• Instructions for the task
Pictures must not appear in the copy. Set down exactly the line with "6.5 seconds since image 1 was recorded." and each line after it through the end of the data below.

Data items
******************************

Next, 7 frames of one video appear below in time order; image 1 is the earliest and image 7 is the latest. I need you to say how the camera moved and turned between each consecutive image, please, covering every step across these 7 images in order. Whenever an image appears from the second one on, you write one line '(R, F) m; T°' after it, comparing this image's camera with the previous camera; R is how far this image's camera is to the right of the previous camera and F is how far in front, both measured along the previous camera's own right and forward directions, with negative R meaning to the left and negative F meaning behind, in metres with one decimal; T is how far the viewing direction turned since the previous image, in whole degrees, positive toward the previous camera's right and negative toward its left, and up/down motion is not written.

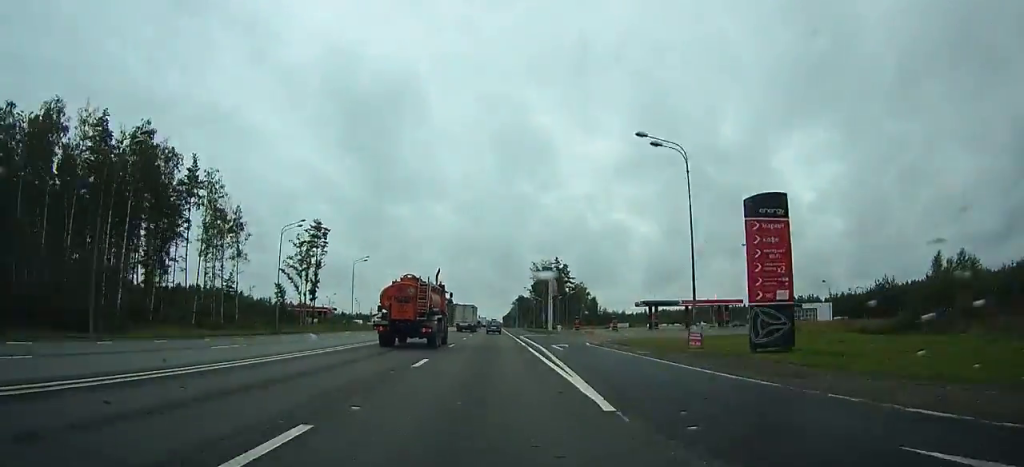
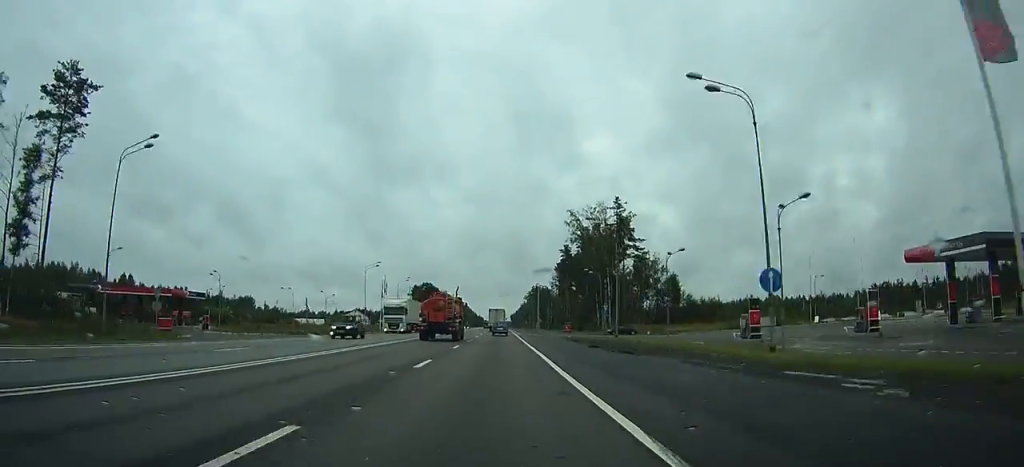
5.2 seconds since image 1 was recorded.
(+0.4, +95.0) m; +1°
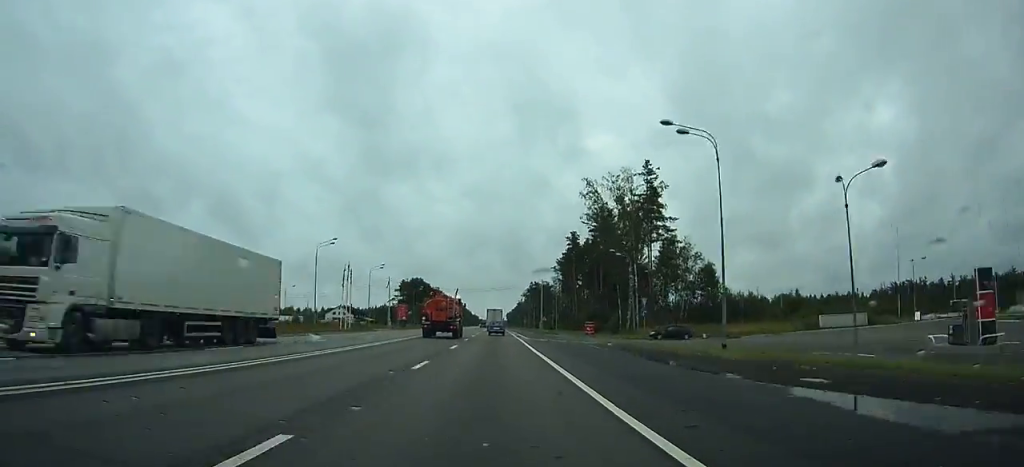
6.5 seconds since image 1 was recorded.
(0.0, +24.6) m; 0°
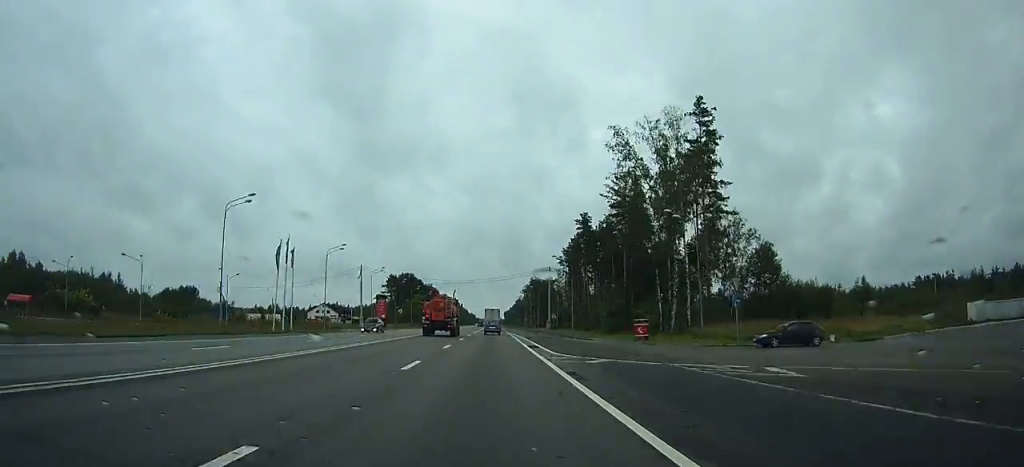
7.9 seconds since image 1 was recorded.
(0.0, +24.5) m; 0°
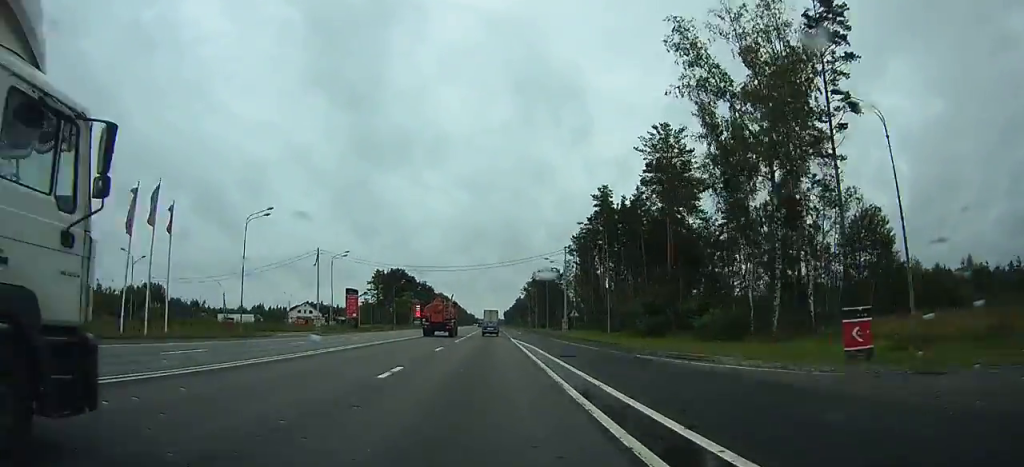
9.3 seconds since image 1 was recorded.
(0.0, +25.7) m; 0°
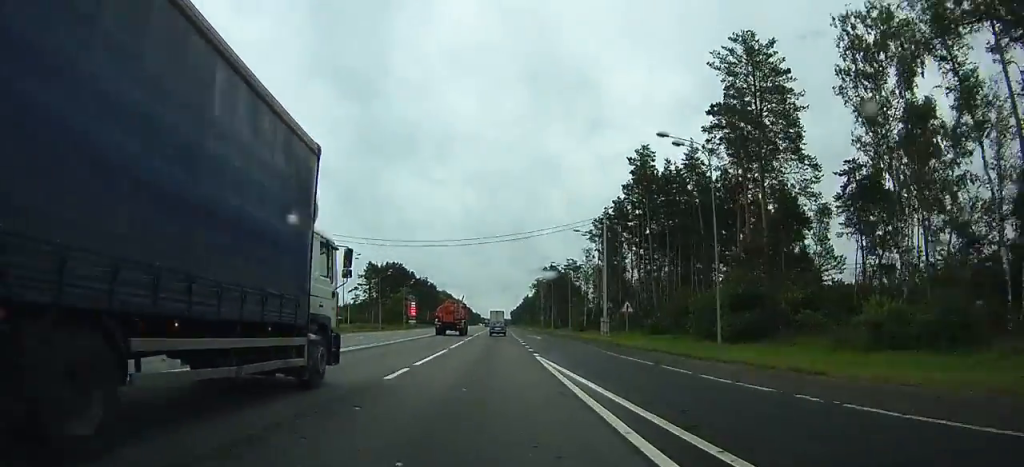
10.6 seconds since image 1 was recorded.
(0.0, +24.4) m; 0°
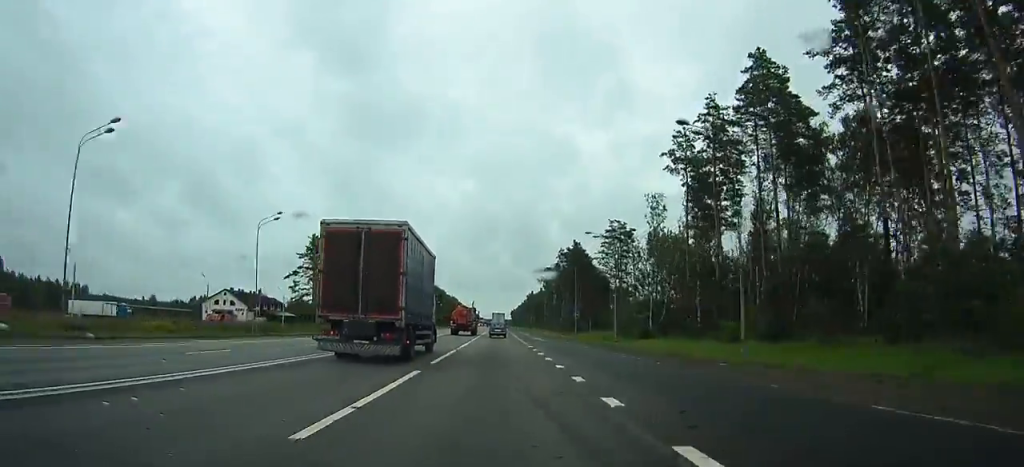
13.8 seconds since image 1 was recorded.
(-0.6, +58.4) m; -1°

******************************

• Answer for the task
6.5 seconds since image 1 was recorded.
(0.0, +24.6) m; 0°
7.9 seconds since image 1 was recorded.
(0.0, +24.5) m; 0°
9.3 seconds since image 1 was recorded.
(0.0, +25.7) m; 0°
10.6 seconds since image 1 was recorded.
(0.0, +24.4) m; 0°
13.8 seconds since image 1 was recorded.
(-0.6, +58.4) m; -1°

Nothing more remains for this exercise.